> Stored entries

━━━

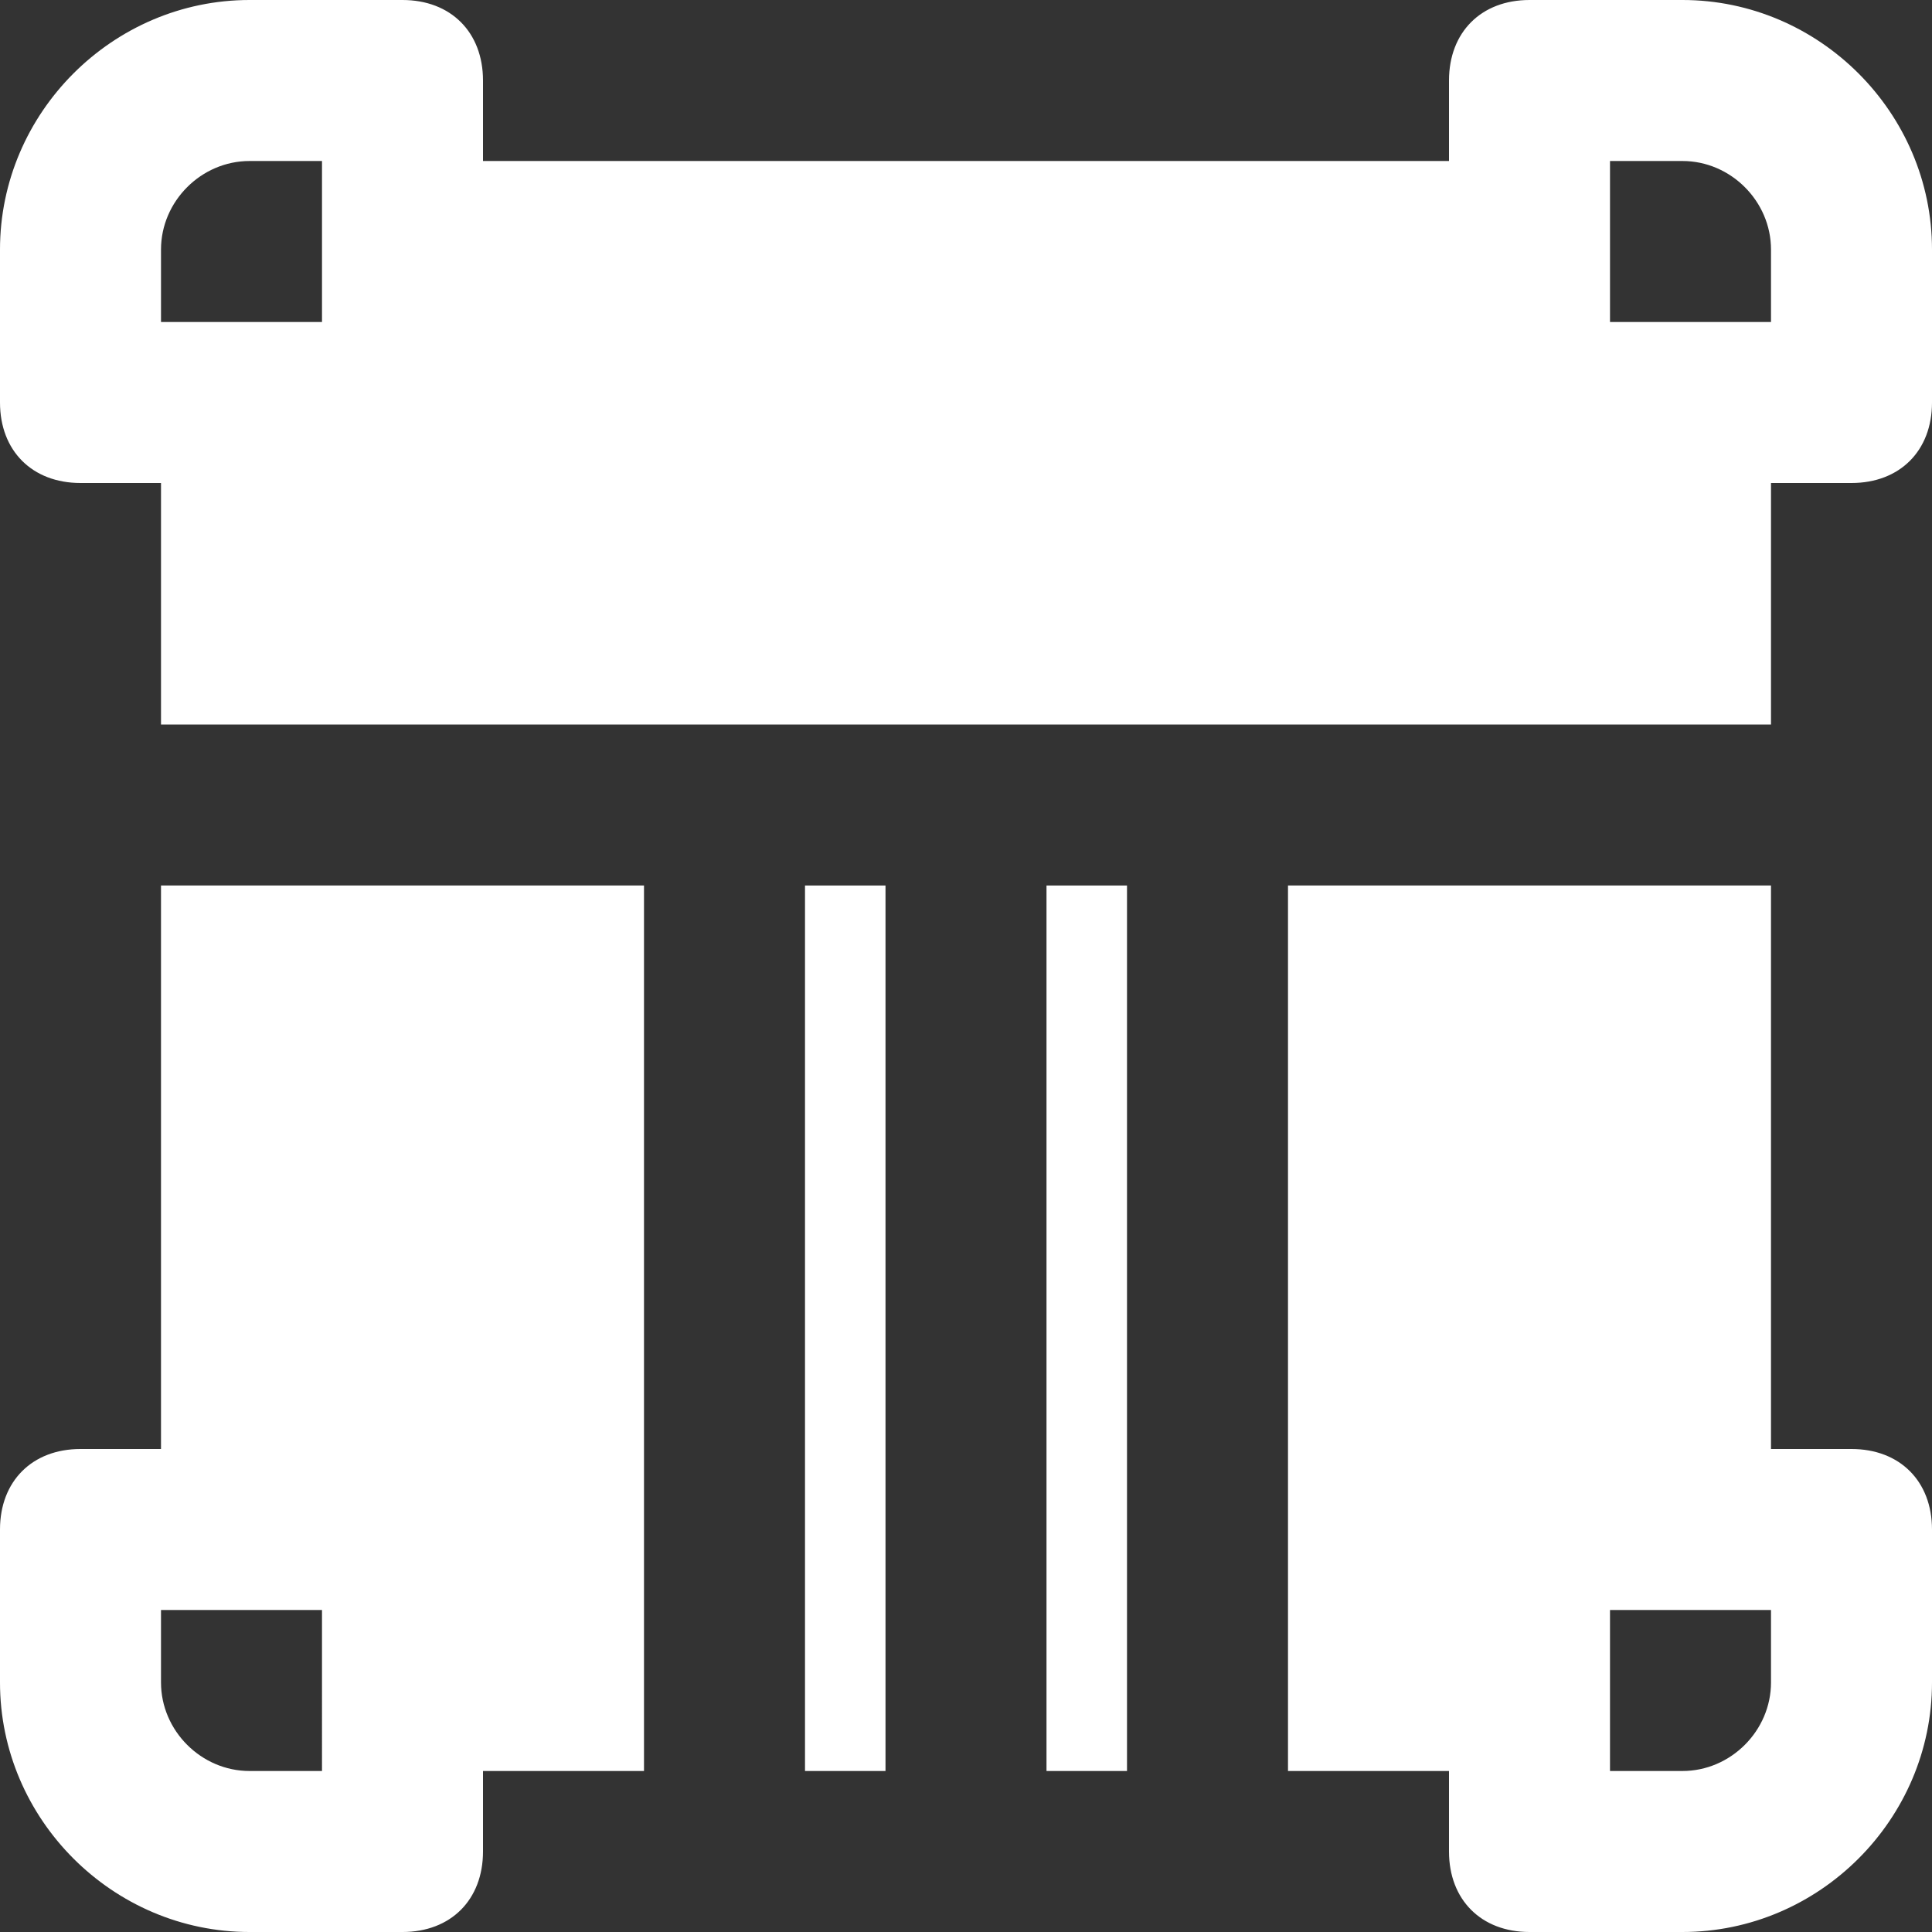 <svg xmlns:svgjs="http://svgjs.com/svgjs" xmlns="http://www.w3.org/2000/svg" xmlns:xlink="http://www.w3.org/1999/xlink" id="Layer_1" x="0px" y="0px" width="24px" height="24px" viewBox="475 13 24 24" style="enable-background:new 475 13 24 24;" xml:space="preserve">
<rect x="475" y="13" width="24" height="24" fill="#333333" stroke="none"/>
<style type="text/css">
	.st0{fill:#FFFFFF;}
</style>
<g>
	<g>
		<g>
			<g>
				<path class="st0" d="M495.9,13H494c-0.6,0-1,0.4-1,1v1h-12v-1c0-0.6-0.4-1-1-1h-1.9c-1.7,0-3.1,1.4-3.1,3.1V18c0,0.6,0.4,1,1,1      h1v3h20v-3h1c0.6,0,1-0.4,1-1v-1.9C499,14.4,497.6,13,495.9,13z M479,17h-2v-0.9c0-0.6,0.5-1.1,1.1-1.1h0.9L479,17L479,17z       M497,17h-2v-2h0.9c0.6,0,1.1,0.5,1.1,1.1L497,17L497,17z"></path>
				<path class="st0" d="M477,31h-1c-0.6,0-1,0.4-1,1v1.9c0,1.7,1.4,3.1,3.1,3.1h1.9c0.6,0,1-0.4,1-1v-1h2V24h-6L477,31L477,31z       M479,35h-0.9c-0.6,0-1.1-0.5-1.1-1.1V33h2C479,33,479,35,479,35z"></path>
				<path class="st0" d="M498,31h-1v-7h-6v11h2v1c0,0.6,0.4,1,1,1h1.9c1.7,0,3.1-1.4,3.1-3.1V32C499,31.4,498.6,31,498,31z       M497,33.9c0,0.6-0.5,1.1-1.1,1.1H495v-2h2L497,33.9L497,33.9z"></path>
				<rect x="485" y="24" class="st0" width="1" height="11"></rect>
				<rect x="488" y="24" class="st0" width="1" height="11"></rect>
			</g>
		</g>
	</g>
</g>
</svg>

━━━

Full copy, no pictures: write out each line of the data exactly as it stands.

> The answer
 <svg xmlns:svgjs="http://svgjs.com/svgjs" xmlns="http://www.w3.org/2000/svg" xmlns:xlink="http://www.w3.org/1999/xlink" id="Layer_1" x="0px" y="0px" width="24px" height="24px" viewBox="475 13 24 24" style="enable-background:new 475 13 24 24;" xml:space="preserve">
<rect x="475" y="13" width="24" height="24" fill="#333333" stroke="none"/>
<style type="text/css">
	.st0{fill:#FFFFFF;}
</style>
<g>
	<g>
		<g>
			<g>
				<path class="st0" d="M495.9,13H494c-0.6,0-1,0.4-1,1v1h-12v-1c0-0.6-0.4-1-1-1h-1.9c-1.7,0-3.1,1.4-3.1,3.1V18c0,0.6,0.4,1,1,1      h1v3h20v-3h1c0.6,0,1-0.4,1-1v-1.9C499,14.4,497.6,13,495.9,13z M479,17h-2v-0.9c0-0.6,0.5-1.1,1.1-1.1h0.9L479,17L479,17z       M497,17h-2v-2h0.9c0.6,0,1.1,0.5,1.1,1.1L497,17L497,17z"></path>
				<path class="st0" d="M477,31h-1c-0.6,0-1,0.4-1,1v1.9c0,1.7,1.4,3.1,3.1,3.1h1.9c0.6,0,1-0.4,1-1v-1h2V24h-6L477,31L477,31z       M479,35h-0.9c-0.6,0-1.1-0.5-1.1-1.1V33h2C479,33,479,35,479,35z"></path>
				<path class="st0" d="M498,31h-1v-7h-6v11h2v1c0,0.6,0.4,1,1,1h1.9c1.7,0,3.1-1.4,3.1-3.1V32C499,31.4,498.6,31,498,31z       M497,33.9c0,0.6-0.5,1.1-1.1,1.1H495v-2h2L497,33.9L497,33.9z"></path>
				<rect x="485" y="24" class="st0" width="1" height="11"></rect>
				<rect x="488" y="24" class="st0" width="1" height="11"></rect>
			</g>
		</g>
	</g>
</g>
</svg>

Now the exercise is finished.